I wish I would stop seeing e36s. I really want one.

docwyte Dork
1/6/17 10:24 a.m.

You need to get one. The sum of the parts add up to more than the whole. They punch well above their weight class on track...

docwyte SuperDork
1/13/17 4:08 p.m.

So, sometimes its the little things that make the biggest differences in feel. What do we touch all the time in our cars? The steering wheel and shift knob.

When I bought the car it came with a UUC short shift kit and matching UUC shift knob. I wasn't a huge fan of the shift knob.

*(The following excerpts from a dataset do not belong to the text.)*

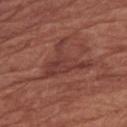Impression: No biopsy was performed on this lesion — it was imaged during a full skin examination and was not determined to be concerning. Context: A roughly 15 mm field-of-view crop from a total-body skin photograph. The lesion is on the right forearm. About 6 mm across. A female patient, aged 73 to 77.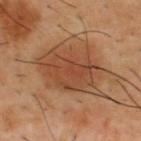patient = male, aged around 40
TBP lesion metrics = a lesion area of about 27 mm², a shape eccentricity near 0.75, and a symmetry-axis asymmetry near 0.25; an average lesion color of about L≈45 a*≈23 b*≈33 (CIELAB) and a normalized border contrast of about 7.5
tile lighting = cross-polarized
diameter = ~7.5 mm (longest diameter)
body site = the upper back
image = total-body-photography crop, ~15 mm field of view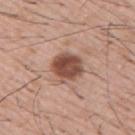The lesion was photographed on a routine skin check and not biopsied; there is no pathology result. The total-body-photography lesion software estimated a footprint of about 11 mm² and a shape eccentricity near 0.4. The analysis additionally found an average lesion color of about L≈49 a*≈21 b*≈27 (CIELAB), about 15 CIELAB-L* units darker than the surrounding skin, and a normalized border contrast of about 10.5. It also reported a classifier nevus-likeness of about 75/100. Cropped from a total-body skin-imaging series; the visible field is about 15 mm. A male subject aged around 55.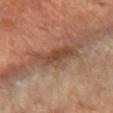Clinical impression: This lesion was catalogued during total-body skin photography and was not selected for biopsy. Clinical summary: Captured under cross-polarized illumination. On the left forearm. A female subject aged around 60. Cropped from a whole-body photographic skin survey; the tile spans about 15 mm.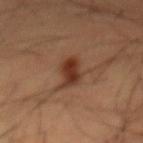biopsy status = catalogued during a skin exam; not biopsied | tile lighting = cross-polarized | site = the abdomen | lesion size = ~4 mm (longest diameter) | imaging modality = ~15 mm tile from a whole-body skin photo | patient = male, aged around 60.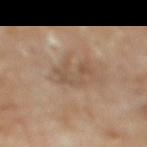The lesion is on the back.
The recorded lesion diameter is about 4.5 mm.
Captured under cross-polarized illumination.
The patient is a female aged approximately 60.
A 15 mm close-up extracted from a 3D total-body photography capture.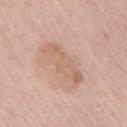biopsy_status: not biopsied; imaged during a skin examination
lesion_size:
  long_diameter_mm_approx: 6.0
lighting: white-light
patient:
  sex: male
  age_approx: 55
site: arm
image:
  source: total-body photography crop
  field_of_view_mm: 15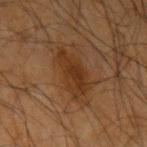Captured under cross-polarized illumination. This image is a 15 mm lesion crop taken from a total-body photograph. A male patient, aged approximately 65. The lesion is located on the left upper arm.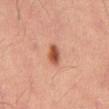Assessment:
The lesion was tiled from a total-body skin photograph and was not biopsied.
Context:
The lesion is on the abdomen. This is a cross-polarized tile. The patient is a male roughly 55 years of age. A close-up tile cropped from a whole-body skin photograph, about 15 mm across. Approximately 3 mm at its widest.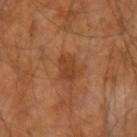| field | value |
|---|---|
| follow-up | total-body-photography surveillance lesion; no biopsy |
| anatomic site | the right upper arm |
| imaging modality | ~15 mm tile from a whole-body skin photo |
| lesion size | ≈3 mm |
| patient | male, approximately 60 years of age |
| image-analysis metrics | a lesion color around L≈40 a*≈23 b*≈34 in CIELAB, about 8 CIELAB-L* units darker than the surrounding skin, and a normalized border contrast of about 6.5 |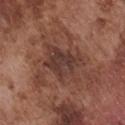Recorded during total-body skin imaging; not selected for excision or biopsy. Located on the chest. The subject is a male in their mid-70s. The lesion-visualizer software estimated an area of roughly 13 mm², an outline eccentricity of about 0.6 (0 = round, 1 = elongated), and a shape-asymmetry score of about 0.35 (0 = symmetric). Captured under white-light illumination. Approximately 5 mm at its widest. A region of skin cropped from a whole-body photographic capture, roughly 15 mm wide.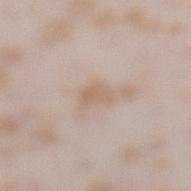This lesion was catalogued during total-body skin photography and was not selected for biopsy. A female subject aged around 25. This is a white-light tile. This image is a 15 mm lesion crop taken from a total-body photograph. From the left lower leg.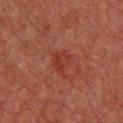<case>
  <biopsy_status>not biopsied; imaged during a skin examination</biopsy_status>
</case>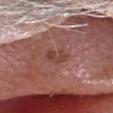{"biopsy_status": "not biopsied; imaged during a skin examination", "image": {"source": "total-body photography crop", "field_of_view_mm": 15}, "site": "head or neck", "patient": {"sex": "male", "age_approx": 80}}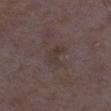  biopsy_status: not biopsied; imaged during a skin examination
  automated_metrics:
    eccentricity: 0.8
    shape_asymmetry: 0.4
    cielab_L: 34
    cielab_a: 12
    cielab_b: 17
    vs_skin_darker_L: 5.0
    lesion_detection_confidence_0_100: 100
  patient:
    sex: female
    age_approx: 35
  site: left lower leg
  image:
    source: total-body photography crop
    field_of_view_mm: 15
  lighting: white-light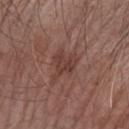follow-up — no biopsy performed (imaged during a skin exam) | size — about 3.5 mm | image-analysis metrics — an average lesion color of about L≈39 a*≈21 b*≈22 (CIELAB) and a lesion-to-skin contrast of about 6.5 (normalized; higher = more distinct); border irregularity of about 5 on a 0–10 scale and radial color variation of about 0.5; a nevus-likeness score of about 15/100 | body site — the left forearm | image — ~15 mm crop, total-body skin-cancer survey | patient — male, aged 73–77.

First off, it's metal, so when the car sat outside in the summer at the track, it would get incredibly hot.

Secondly, it was short. Too short for comfort when shifting with the center armrest in the way.

That was an issue because the gates on the transmission are really close together and the transmission tends to twist on its mounts in the corners. That results in a "money shift" when you try to upshift to 3rd and get 1st.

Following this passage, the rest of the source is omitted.